Afin de surmonter tout risque d'incertitude juridique, tout en nous conformant à la logique économique et sociale, je vous proposerai d'introduire, à l'article 2, l'élaboration conjointe des schémas de développement économique. Nous ne pourrons bâtir une réforme durable en matière de développement économique sans une vision stratégique partagée et une co-construction du schéma de développement. C'est en travaillant ensemble que les régions et leurs territoires construiront des politiques alliant l'aide au tissu économique et la préparation des activités du futur. C'est pourquoi les orientations du schéma doivent être mises en débat au sein des conférences territoriales de l'action publique (CTAP) pour un avis global.

Je vous proposerai d'assortir ce principe du mécanisme de contractualisation issu de la loi de modernisation de l'action publique territoriale et d'affirmation des métropoles (MAPTAM) du 27 janvier 2014. Des conventions territoriales d'exercice concerté clarifieront la mise en oeuvre des orientations du schéma et définiront l'implication des collectivités dans une territorialisation fine. Il importe, pour consolider les orientations régionales et leur donner une réelle cohérence, de les rendre consensuelles et de prévoir leur déclinaison territoriale. Loin d'opposer un niveau à un autre, mon objectif est de mobiliser toutes les énergies, afin de construire un projet commun, cohérent et efficace, qui favorise l'optimisation des ressources au service du développement des territoires

Enfin, je vous proposerai le maintien du mécanisme de sauvegarde prévu par l'article L. 1511-5 du code général des collectivités territoriales, permettant à une collectivité, en cas de carence de l'initiative régionale, d'intervenir en contractualisant avec l'État.

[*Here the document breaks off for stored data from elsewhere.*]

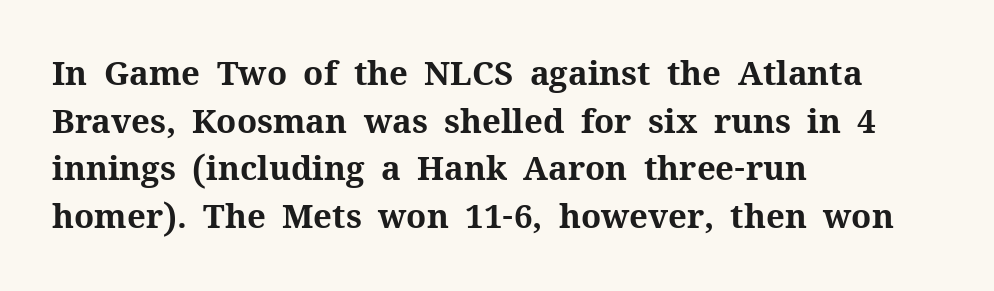
The line texture is even and compact thanks to regular tracking. The block of text has a typical density, with ordinary space between rows. Observe the serifs anchoring each vertical stroke in this sample. Stroke thickness is high; the sample reads as a true bold. Casual observation: everything's shoved over to the left. Plain, unruled lines of type.
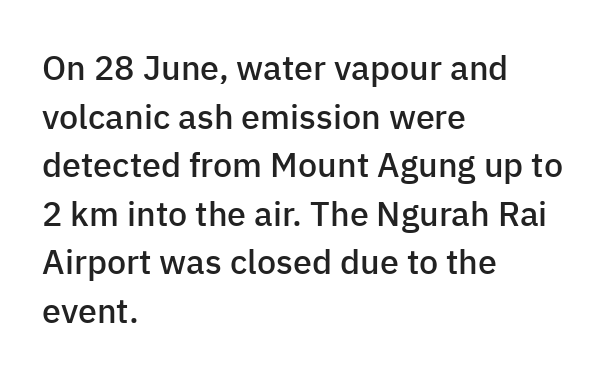
Does the type have serifs? No, each stem ends abruptly. This is the in-between weight designers call semibold or demi. This rendering features lettering with no underline. Is there any slant? The stems are plumb. Note the varied advance widths — an 'i' is clearly narrower than an 'm'.
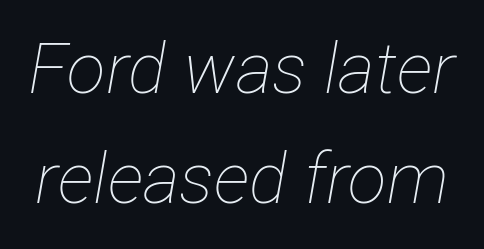
{"italic": "yes", "lean": "right", "slant_degrees": 12, "bold": "no", "weight": "thin", "width": "condensed", "stroke_contrast": "low", "x_height": "medium", "monospaced": "no", "underline": "no", "line_spacing": "normal", "line_spacing_ratio": 1.55, "letter_spacing": "normal", "letter_spacing_em": 0.0, "glyph_px": 71}
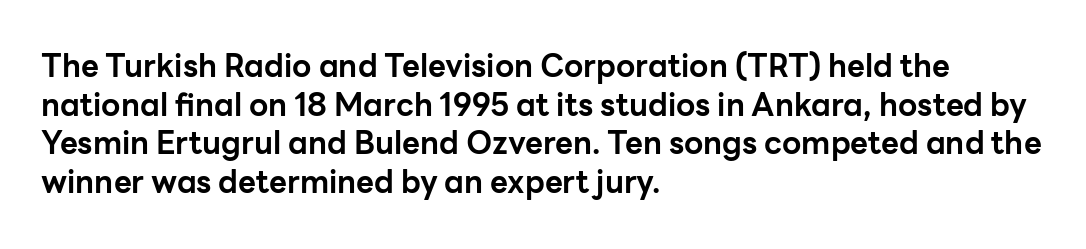
Q: Is the text bold? A: Yes.
Q: Is the text italic (slanted)? A: No, it is upright.
Q: Is the typeface a serif or a sans-serif typeface? A: Sans-serif.
Q: Is the text underlined? A: No.
Q: How is the paragraph aligned? A: Left-aligned.
Q: Is the spacing between letters normal or unusually wide? A: Normal.
Q: Is the spacing between lines tight, normal or loose? A: Normal.
Q: Width (condensed, normal, or wide)? A: Normal.
Q: Stroke contrast? A: Low.
Q: x-height? A: Medium.
Q: Monospaced? A: No.

En matière de tourisme, le maintien de la compétence partagée me semble opportun, et appelle la même logique de schéma co-élaboré. Les stations classées doivent pouvoir transférer leur compétence tourisme aux intercommunalités - une souplesse fortement demandée par les associations des organismes de tourisme et les collectivités -, non y être contraintes, au risque de démotiver les communes concernées, dont le savoir-faire est précieux pour notre pays.